__What is being asked__: From the line containing "Find grapes. Return masks as SVG." through the end of the entries, please repeat every line exactly and nothing more; the pictures do not belong in the copy.

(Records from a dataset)

⟨

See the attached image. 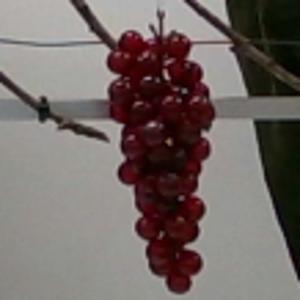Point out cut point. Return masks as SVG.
Segmentation results:
<instances>
[{
  "instance_id": "6a23745f",
  "label": "cut point",
  "mask_w": 300,
  "mask_h": 300,
  "mask_svg": "<svg viewBox=\"0 0 300 300\" xmlns=\"http://www.w3.org/2000/svg\"><path fill=\"white\" fill-rule=\"evenodd\" d=\"M156 17L159 21V34L156 35V41L161 42L165 39L164 21L166 18L165 0H157L156 2Z\"/></svg>"
}]
</instances>
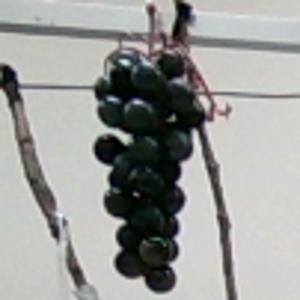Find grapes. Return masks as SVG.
Wrapping results in <instances>:
<instances>
[{
    "instance_id": "grapes-1",
    "label": "grapes",
    "mask_w": 300,
    "mask_h": 300,
    "mask_svg": "<svg viewBox=\"0 0 300 300\" xmlns=\"http://www.w3.org/2000/svg\"><path fill=\"white\" fill-rule=\"evenodd\" d=\"M110 66L95 82L96 114L104 126L132 138L124 144L105 133L93 146L96 159L112 166L104 208L126 222L115 233L122 250L114 266L125 279L142 277L148 291L166 294L176 284L170 262L180 253L176 214L186 203L176 181L194 151L192 131L205 125L208 112L194 86L178 81L187 74L188 59L176 47L158 53L154 65L140 50L120 49Z\"/></svg>"
}]
</instances>
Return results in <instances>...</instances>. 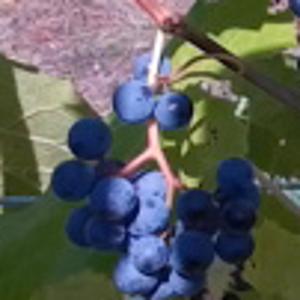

⟩

__Response area__:
Find grapes. Return masks as SVG.
Wrapping results in <instances>:
<instances>
[{
    "instance_id": "grapes-1",
    "label": "grapes",
    "mask_w": 300,
    "mask_h": 300,
    "mask_svg": "<svg viewBox=\"0 0 300 300\" xmlns=\"http://www.w3.org/2000/svg\"><path fill=\"white\" fill-rule=\"evenodd\" d=\"M110 66L95 82L96 114L104 126L132 138L124 144L105 133L93 146L96 159L112 166L104 208L126 222L115 233L122 250L114 266L125 279L142 277L148 291L166 294L176 284L170 262L180 253L176 214L186 203L176 181L194 151L192 131L205 125L208 112L194 86L178 81L187 74L188 59L176 47L158 53L154 65L140 50L120 49Z\"/></svg>"
}]
</instances>
Return results in <instances>...</instances>. 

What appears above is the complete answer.